Примаков - страница 13

Шрифт
Интервал

стр.

Второе недремлющее око в лице гимназического начальства спустя шесть дней после акции городового Пилунца исключает крамольника Примакова из седьмого класса черниговской гимназии и доносит об этом в высшую инстанцию.

За Черниговом последовал Киев. Но он пришел через густые решетки «Лукьяновки». В семнадцать лет… А после была сибирская тайга – вечная ссылка.

Вспоминая тяжкие годы, совпавшие с тем возрастом, когда формируется человек, Виталий не клял судьбу. «То была моя академия! – говорил он. – Жизнь хороша и в радостях и в муках, ибо муки – это тоже жизнь. Муки очищают и закаляют дух. Преодоление мук есть радость».

…И снова Чернигов. Но теперь уже революционный. И всюду кумач – символ свободы. Кумач на всех улицах, он и в усадьбе Коцюбинских на Северянской.

Первые дни апреля 1917 года выдались на редкость солнечные и погожие.

Вдоль высоких кустов цветущей сирени, подмявших под себя ветхие плетни, жадно вдыхая сладкие ароматы, шел по Северянской невысокого роста бородатый человек.

Длинная, до колен, стеганка, высокие юфтевые, сапоги, малахай со свисающими до пояса ушами да изрядно потертый, не особенно отягчавший плечи хозяина вещевой мешок красноречиво свидетельствовали, что человек этот прибыл не из ближних мест.

Миновав церковь Казанской богоматери, он, замедлив шаги, снял малахай. Впереди находилась усадьба, с которой у него было связано много светлых и радостных воспоминаний. А вон и крона высоко вымахнувшей ели. Путник во весь голос продекламировал чуточку измененный им пушкинский стих: «Невольно к этим милым берегам влечет меня неведомая сила».

И действительно, после длинной, утомительной дороги, прямо с вокзала, лишь ступив ногой на родную черниговскую землю, он поспешил к товарищам по революционной борьбе, а потом сразу же направился на Северянскую.

У невысоких, изрядно обветшавших ворот он накрыл голову экзотической шапкой. Толкнув рукой скрипучую калитку, не без внутреннего волнения вступил во двор знакомой усадьбы.

Вот под сенью высокой ели застекленная веранда со сдвинутыми к простенкам холщовыми шторами. Посреди веранды тоненькая девушка в красной косынке, согнувшись над деревянным корытом, поставленным на ножки опрокинутого табурета, занимается стиркой. Сквозь раскрытую дверь доносятся монотонные удары табурета об пол и мелодия «Варшавянки».

Глаза еще могли как-то обмануть нетерпеливого путника, а слух – слух никогда. Это был приятный, хорошо знакомый с юных лет голос, но не голос той, кем были заняты его мысли и чувства. Бородач порывисто взбежал по ступенькам крыльца.

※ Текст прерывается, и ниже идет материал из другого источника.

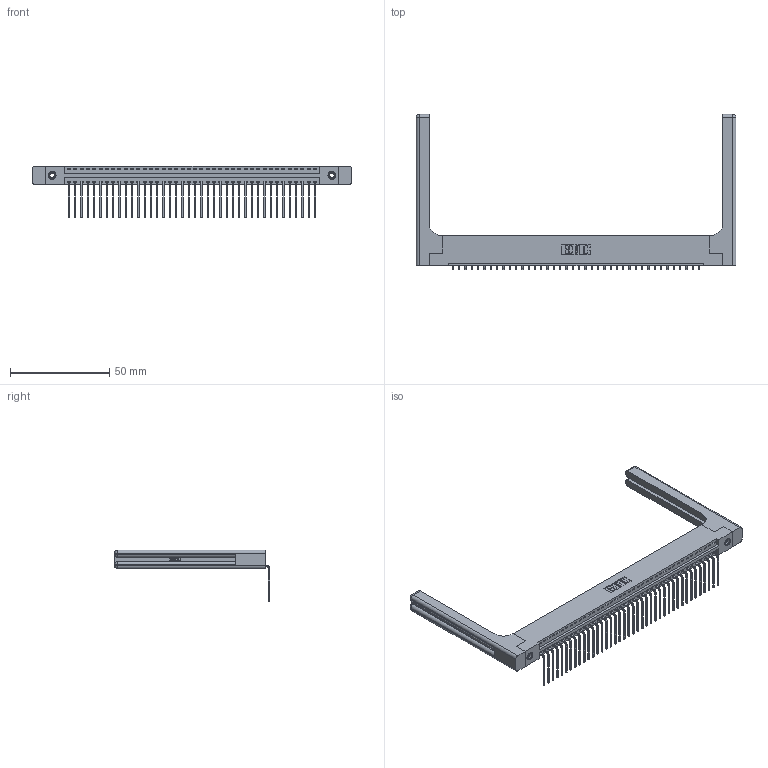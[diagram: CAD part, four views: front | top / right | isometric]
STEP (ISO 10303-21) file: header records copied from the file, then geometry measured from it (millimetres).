
FILE_DESCRIPTION (( 'STEP AP203' ), '1' );
FILE_NAME ('346-040-559-158.STEP', '2022-05-07T10:35:29', ( '' ), ( '' ), 'SwSTEP 2.0', 'SolidWorks 2020', '' );
FILE_SCHEMA (( 'CONFIG_CONTROL_DESIGN' ));
Length unit declared in the file: inch
Products named in the file (5): 346-040-559-158; 345-250-001_345-250-001-102; 345-292-001_558 559 Tail - 1; 346-220-058_345-220-058; 346 Part_Flush Mounting Lugs - 0.156 Dia-TH
Assembly tree (45 placements, depth 2):
  346-040-559-158
    346 Part_Flush Mounting Lugs - 0.156 Dia-TH
    345-292-001_558 559 Tail - 1  x40
    345-250-001_345-250-001-102  x2
    346-220-058_345-220-058  x2
Bounding box: 161.06 x 78.04 x 26.16 mm (x, y, z)
Volume: 23036.9 mm3; surface area: 25371.5 mm2
Topology: 45 solids, 45 shells, 2792 faces, 8311 edges, 5466 vertices
Faces by surface type: plane 1918, cylinder 814, bspline 36, cone 12, sphere 8, torus 4
Entity records: 30776 total; most frequent: CARTESIAN_POINT 6259, ORIENTED_EDGE 5028, DIRECTION 4454, EDGE_CURVE 2514, LINE 2130, VECTOR 2130, VERTEX_POINT 1666, AXIS2_PLACEMENT_3D 1162
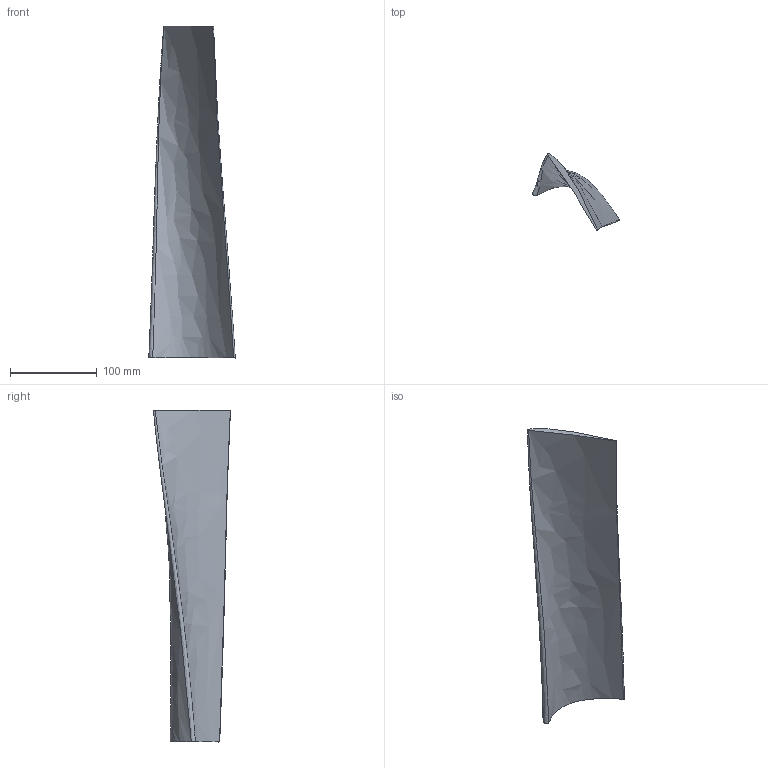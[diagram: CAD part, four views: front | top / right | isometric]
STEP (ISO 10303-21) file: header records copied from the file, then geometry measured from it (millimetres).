
FILE_DESCRIPTION(('Open CASCADE Model'),'2;1');
FILE_NAME('Open CASCADE Shape Model','2025-11-08T01:42:20',('Author'),( 'Open CASCADE'),'Open CASCADE STEP processor 7.8','Open CASCADE 7.8' ,'Unknown');
FILE_SCHEMA(('AUTOMOTIVE_DESIGN { 1 0 10303 214 1 1 1 1 }'));
Length unit declared in the file: millimetre
Products named in the file (1): Open CASCADE STEP translator 7.8 1
Bounding box: 99.45 x 88.82 x 381.82 mm (x, y, z)
Volume: 290968.2 mm3; surface area: 86484.3 mm2
Topology: 1 solids, 1 shells, 6 faces, 12 edges, 8 vertices
Faces by surface type: bspline 4, plane 2
Entity records: 654 total; most frequent: CARTESIAN_POINT 443, ORIENTED_EDGE 24, PCURVE 24, DEFINITIONAL_REPRESENTATION 24, DIRECTION 22, B_SPLINE_CURVE_WITH_KNOTS 16, LINE 16, VECTOR 16
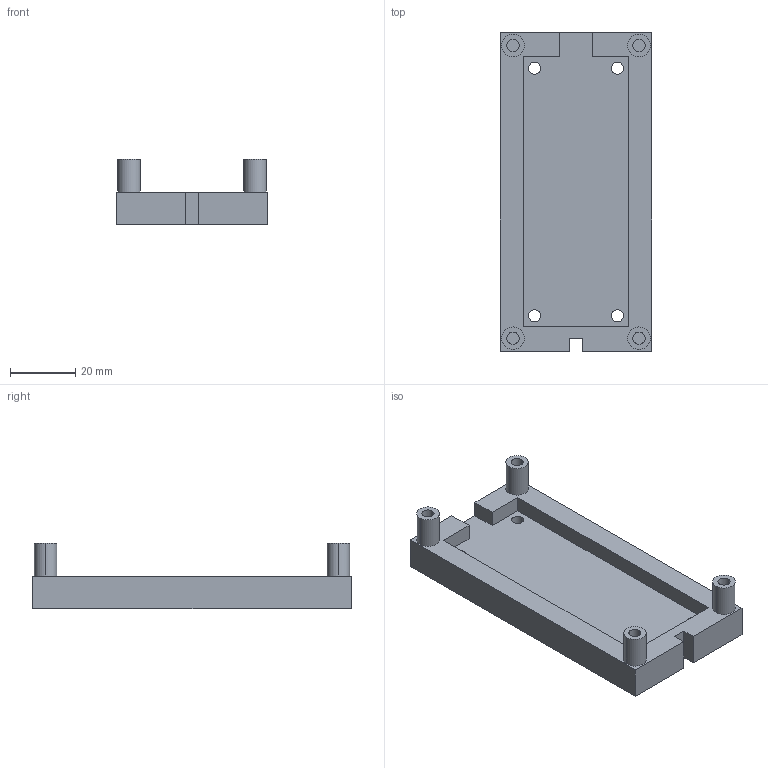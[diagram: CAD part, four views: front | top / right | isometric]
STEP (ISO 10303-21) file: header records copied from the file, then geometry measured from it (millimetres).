
FILE_DESCRIPTION (( 'STEP AP214' ), '1' );
FILE_NAME ('SideEntryAvionicsV2.2.STEP', '2024-06-09T19:17:27', ( '' ), ( '' ), 'SwSTEP 2.0', 'SolidWorks 2024', '' );
FILE_SCHEMA (( 'AUTOMOTIVE_DESIGN' ));
Length unit declared in the file: millimetre
Products named in the file (1): SideEntryAvionicsV2.2
Bounding box: 46.5 x 97.9 x 20 mm (x, y, z)
Volume: 32434.5 mm3; surface area: 14660.3 mm2
Topology: 1 solids, 1 shells, 50 faces, 120 edges, 80 vertices
Faces by surface type: plane 26, cylinder 24
Entity records: 1511 total; most frequent: DIRECTION 270, CARTESIAN_POINT 251, ORIENTED_EDGE 240, EDGE_CURVE 120, AXIS2_PLACEMENT_3D 99, VERTEX_POINT 80, LINE 72, VECTOR 72
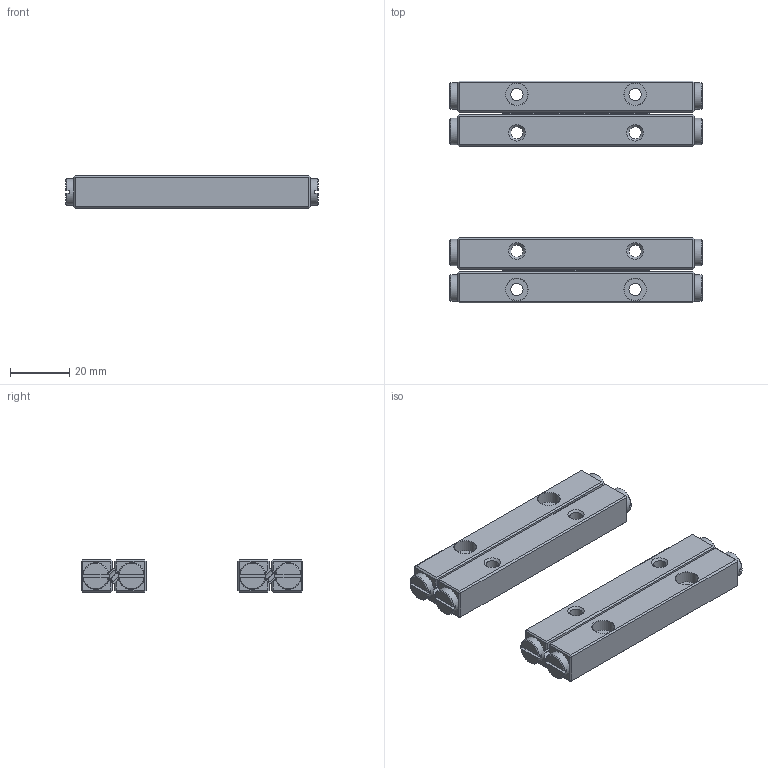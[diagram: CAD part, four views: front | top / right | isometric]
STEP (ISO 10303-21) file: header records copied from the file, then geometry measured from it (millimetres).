
FILE_DESCRIPTION(/* description */ (''),/* implementation_level */ '2;1');
FILE_NAME(/* name */ 'Set RSDE-4080x11KRE_stp_stp_stp_stp.stp',/* time_stamp */ '2025-06-03T12:01:57+02:00',/* author */ (''),/* organization */ (''),/* preprocessor_version */ 'ST-DEVELOPER v20',/* originating_system */ 'SIEMENS PLM Software NX2406.5001',/* authorisation */ '');
FILE_SCHEMA (('AUTOMOTIVE_DESIGN { 1 0 10303 214 3 1 1 1 }'));
Length unit declared in the file: millimetre
Products named in the file (6): 019789_A_3-Roller diam.4x3; 027837_A_3-Body Cage R4x11KRE Mid; 011460_A_2-Endscrew GA 4; 006524_B_5-Rail RSDE-4080; 028210_A_4-Roller Cage R4x11KRE Assy; 050014_A_2-Set RSDE-4080x11KRE
Assembly tree (27 placements, depth 3):
  050014_A_2-Set RSDE-4080x11KRE
    006524_B_5-Rail RSDE-4080  x4
    028210_A_4-Roller Cage R4x11KRE Assy  x2
      027837_A_3-Body Cage R4x11KRE Mid
      019789_A_3-Roller diam.4x3
    011460_A_2-Endscrew GA 4  x8
Bounding box: 85.4 x 75 x 11 mm (x, y, z)
Volume: 34996.7 mm3; surface area: 22719.7 mm2
Topology: 38 solids, 38 shells, 1194 faces, 3156 edges, 2042 vertices
Faces by surface type: cylinder 466, plane 452, torus 176, cone 100
Full cylindrical faces by diameter (mm): 0.5 x96, 2 x24, 2.6 x8, 3 x8, 3.2 x8, 4 x22, 4.2 x8, 7.5 x8, 9 x8
Entity records: 10078 total; most frequent: CARTESIAN_POINT 1699, DIRECTION 1544, ORIENTED_EDGE 1308, EDGE_CURVE 654, AXIS2_PLACEMENT_3D 626, VERTEX_POINT 452, EDGE_LOOP 366, CIRCLE 322

– Здравствуй, Ира! – приветствовал он девушку.

Вспыхнув до корней волос, Ирина несколько секунд стояла молча с мокрой блузкой в руках. Что за вид? Малахай, ватник, борода! Но глаза прежние – серо-зеленые, пронизывающие человека насквозь. И ноздри, раздувающиеся, как и прежде, при малейшем волнении!

– Виталий! – вскрикнула девушка, бросив в корыто блузку, ринулась обнимать мокрыми руками неожиданного гостя.

Глаза гостя, блуждая по сторонам, словно в поисках чего-то потерянного, становились все более грустными. Ирина поняла все.

– Оксана в Москве… в университете…

Виталий нахмурился. Снял с плеч мешок, в котором вез память о недавнем прошлом – арестантский халат и бескозырку, бросил на пол и, присев на него, прислонился спиной к стене веранды. Разочарованно спросил:

– В Москве, говоришь?

– Да, в Москве. Раздевайся. Долой эту страшную шапку. – Ирина сняла с него малахай. – Побегу скажу нашим…

Виталий осмотрелся вокруг. На подоконнике – горшки с цветами. А за окном, заслоняя пышным шатром веранду, – величавая ель, ровесница Оксаны. Вспомнилась размолвка – единственная размолвка с ней. Единственная, но болезненная для молодого, неискушенного сердца. И чем мучительней была она, тем сладостнее показалось примирение, тем искренней стала ничем уже не омрачавшаяся дружба…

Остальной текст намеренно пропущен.